Information supplied
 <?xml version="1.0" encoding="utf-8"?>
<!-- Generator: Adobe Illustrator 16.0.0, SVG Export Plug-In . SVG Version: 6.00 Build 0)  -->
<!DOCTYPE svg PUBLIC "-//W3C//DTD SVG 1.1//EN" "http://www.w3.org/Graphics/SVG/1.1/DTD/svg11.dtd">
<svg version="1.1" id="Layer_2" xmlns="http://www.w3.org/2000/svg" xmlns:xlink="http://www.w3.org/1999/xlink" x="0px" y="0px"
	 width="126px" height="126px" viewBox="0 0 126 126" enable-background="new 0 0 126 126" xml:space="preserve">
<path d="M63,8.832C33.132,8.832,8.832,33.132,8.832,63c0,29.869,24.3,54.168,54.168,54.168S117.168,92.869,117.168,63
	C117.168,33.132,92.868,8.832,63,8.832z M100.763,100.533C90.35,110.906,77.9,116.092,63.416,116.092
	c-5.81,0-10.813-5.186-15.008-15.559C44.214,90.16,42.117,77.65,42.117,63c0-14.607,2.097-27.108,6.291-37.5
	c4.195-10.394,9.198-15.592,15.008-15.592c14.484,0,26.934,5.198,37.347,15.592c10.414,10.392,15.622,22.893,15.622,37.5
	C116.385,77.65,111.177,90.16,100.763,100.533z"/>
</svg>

---

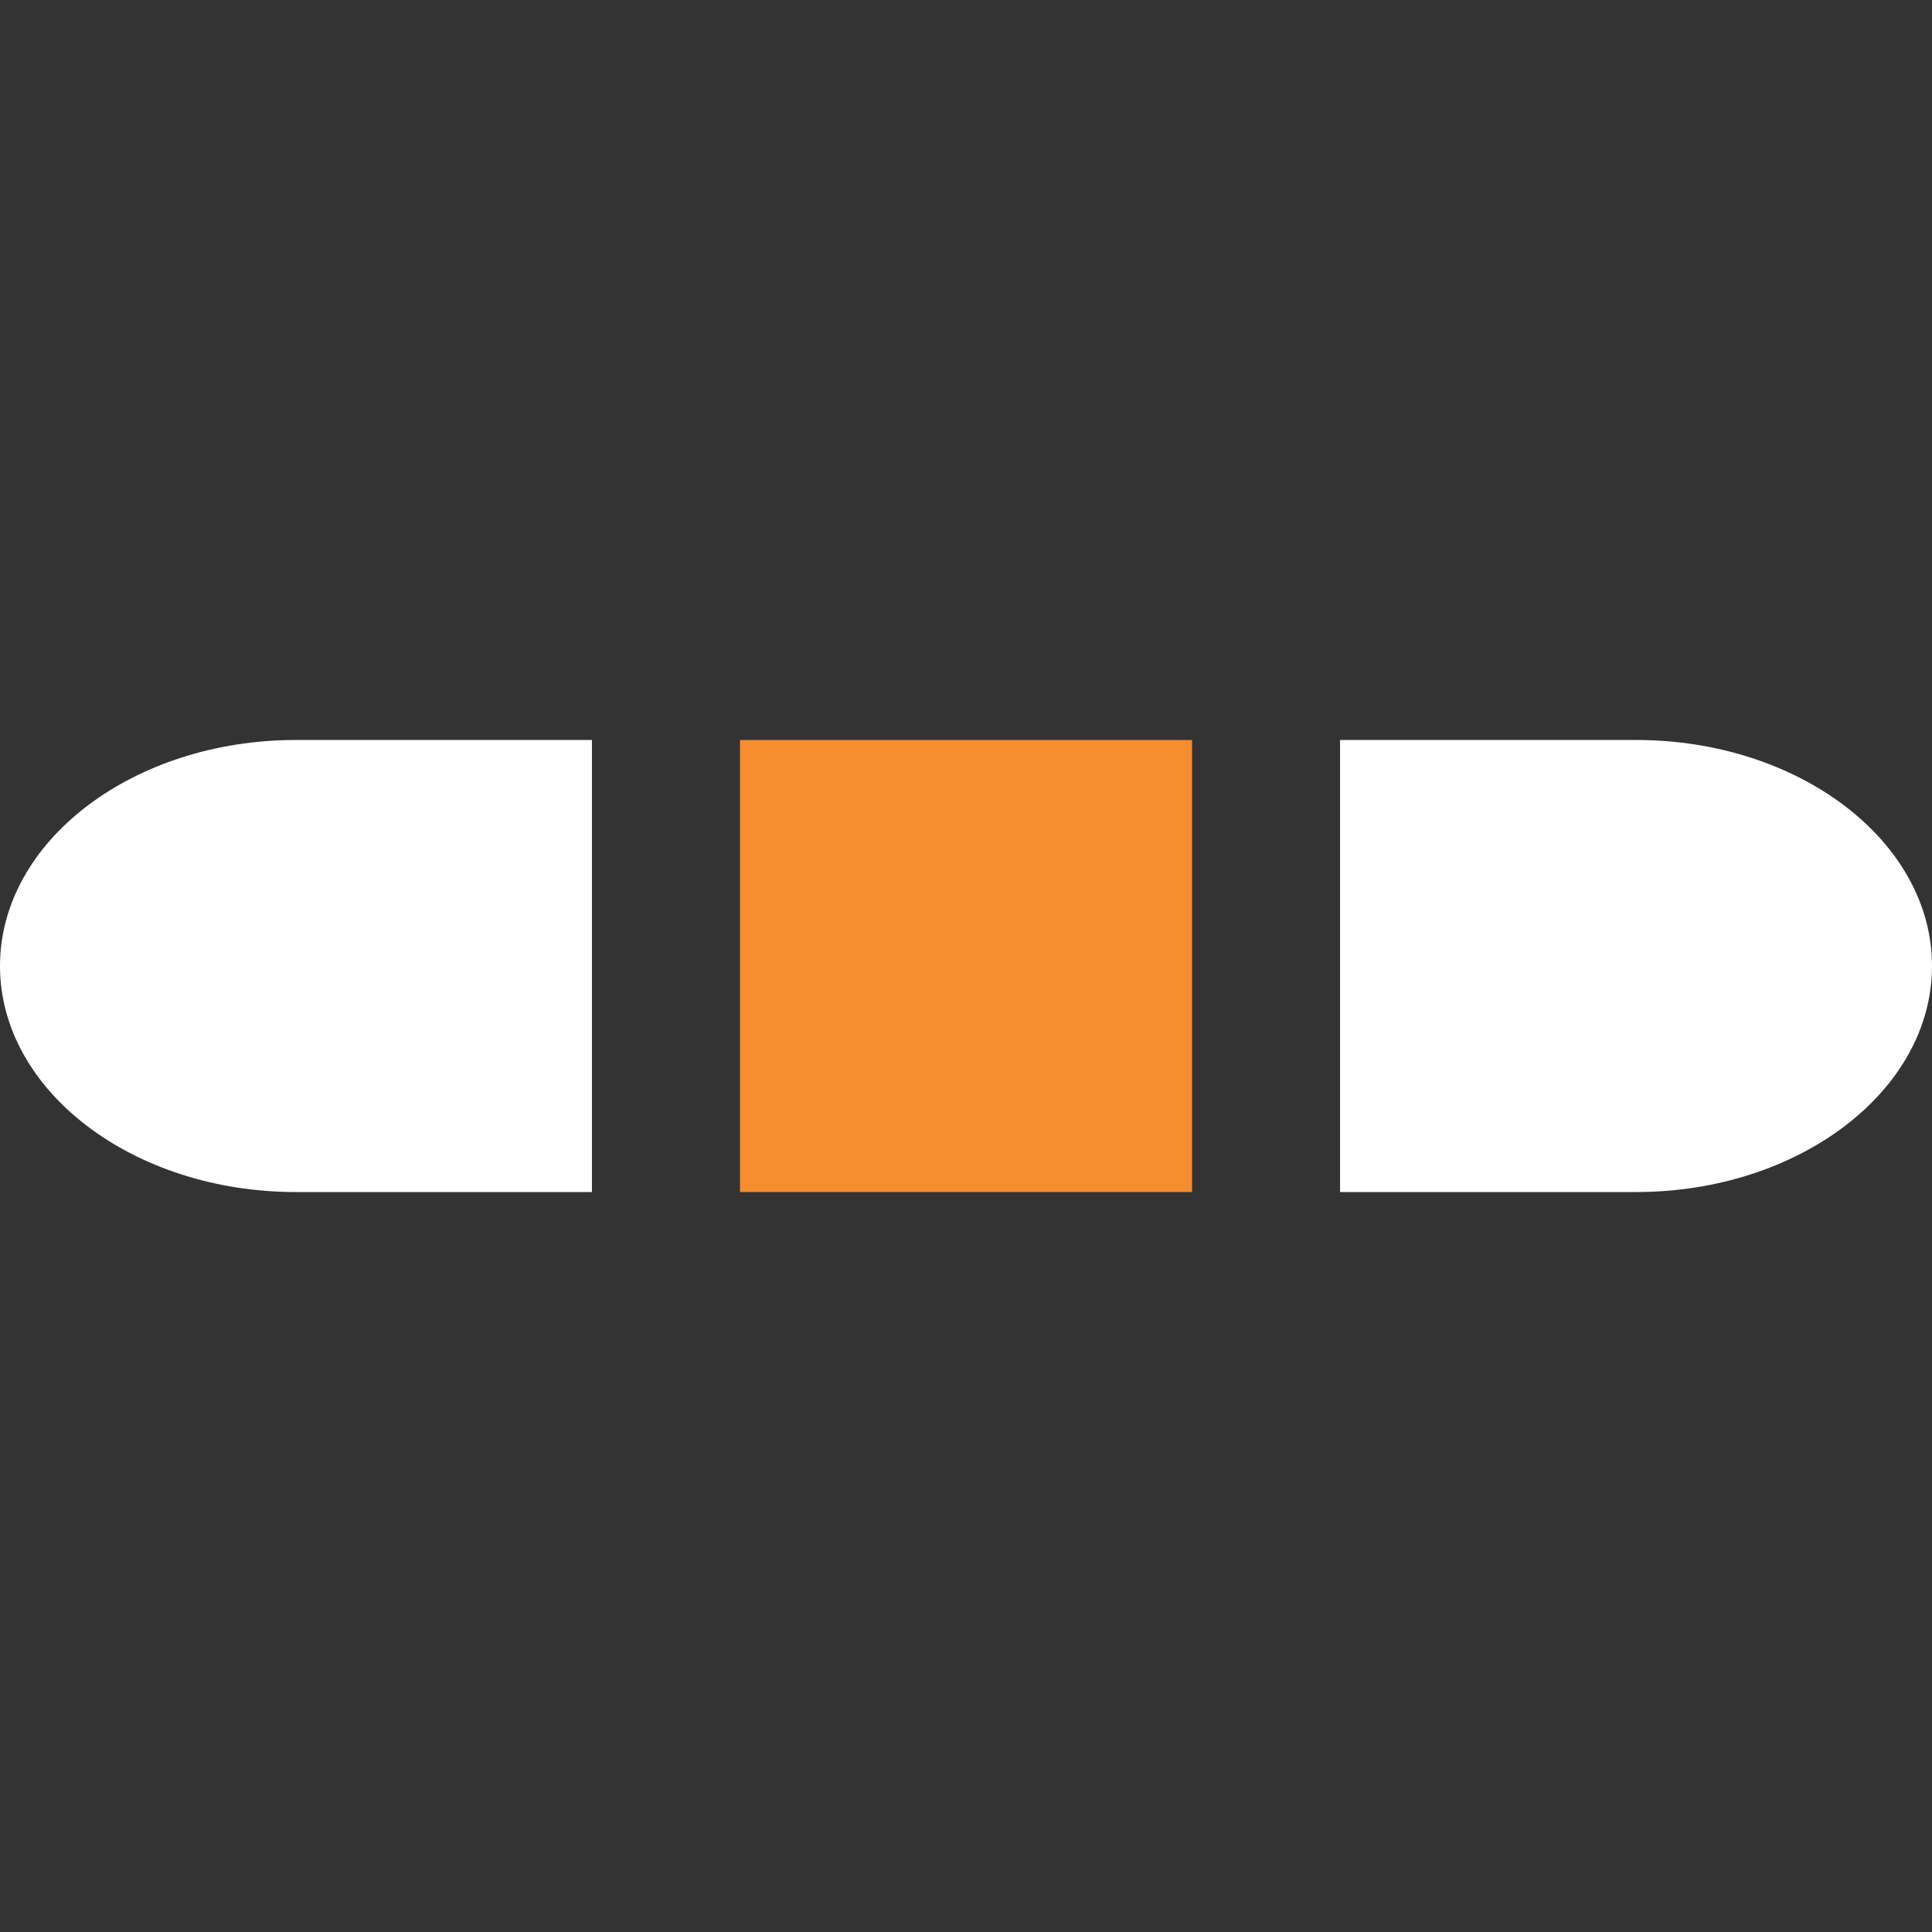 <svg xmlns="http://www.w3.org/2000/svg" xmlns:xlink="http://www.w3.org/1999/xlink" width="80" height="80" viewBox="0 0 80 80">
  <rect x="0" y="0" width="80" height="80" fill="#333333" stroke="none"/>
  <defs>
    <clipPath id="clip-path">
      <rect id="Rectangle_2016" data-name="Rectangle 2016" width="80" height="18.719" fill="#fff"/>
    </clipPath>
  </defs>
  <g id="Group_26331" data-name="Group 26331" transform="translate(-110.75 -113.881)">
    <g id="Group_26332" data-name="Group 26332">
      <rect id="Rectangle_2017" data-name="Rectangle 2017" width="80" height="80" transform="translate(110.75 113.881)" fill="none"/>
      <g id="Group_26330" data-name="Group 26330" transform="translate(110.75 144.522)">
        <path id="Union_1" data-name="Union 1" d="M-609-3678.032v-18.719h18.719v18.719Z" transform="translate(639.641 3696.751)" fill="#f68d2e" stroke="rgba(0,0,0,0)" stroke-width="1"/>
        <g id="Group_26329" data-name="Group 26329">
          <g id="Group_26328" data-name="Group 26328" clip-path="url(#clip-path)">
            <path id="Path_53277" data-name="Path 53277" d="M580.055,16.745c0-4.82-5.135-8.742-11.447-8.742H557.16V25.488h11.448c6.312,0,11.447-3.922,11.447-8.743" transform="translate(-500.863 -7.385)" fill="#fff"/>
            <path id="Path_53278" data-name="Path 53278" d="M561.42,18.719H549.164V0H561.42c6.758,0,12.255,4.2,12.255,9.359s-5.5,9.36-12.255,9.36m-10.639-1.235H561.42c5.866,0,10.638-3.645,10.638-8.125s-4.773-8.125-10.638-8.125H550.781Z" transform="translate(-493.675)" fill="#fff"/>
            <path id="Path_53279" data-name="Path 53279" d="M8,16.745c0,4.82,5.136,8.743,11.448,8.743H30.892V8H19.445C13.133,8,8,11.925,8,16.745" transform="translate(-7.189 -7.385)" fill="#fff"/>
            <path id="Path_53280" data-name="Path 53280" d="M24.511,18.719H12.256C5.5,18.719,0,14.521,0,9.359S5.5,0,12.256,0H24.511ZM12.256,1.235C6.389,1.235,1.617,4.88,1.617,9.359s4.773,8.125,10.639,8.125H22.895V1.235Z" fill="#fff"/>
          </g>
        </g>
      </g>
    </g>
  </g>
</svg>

Assignment
The lines to return are those in the entries above that hold "Rectangle".

Expected output
      <rect id="Rectangle_2016" data-name="Rectangle 2016" width="80" height="18.719" fill="#fff"/>
      <rect id="Rectangle_2017" data-name="Rectangle 2017" width="80" height="80" transform="translate(110.75 113.881)" fill="none"/>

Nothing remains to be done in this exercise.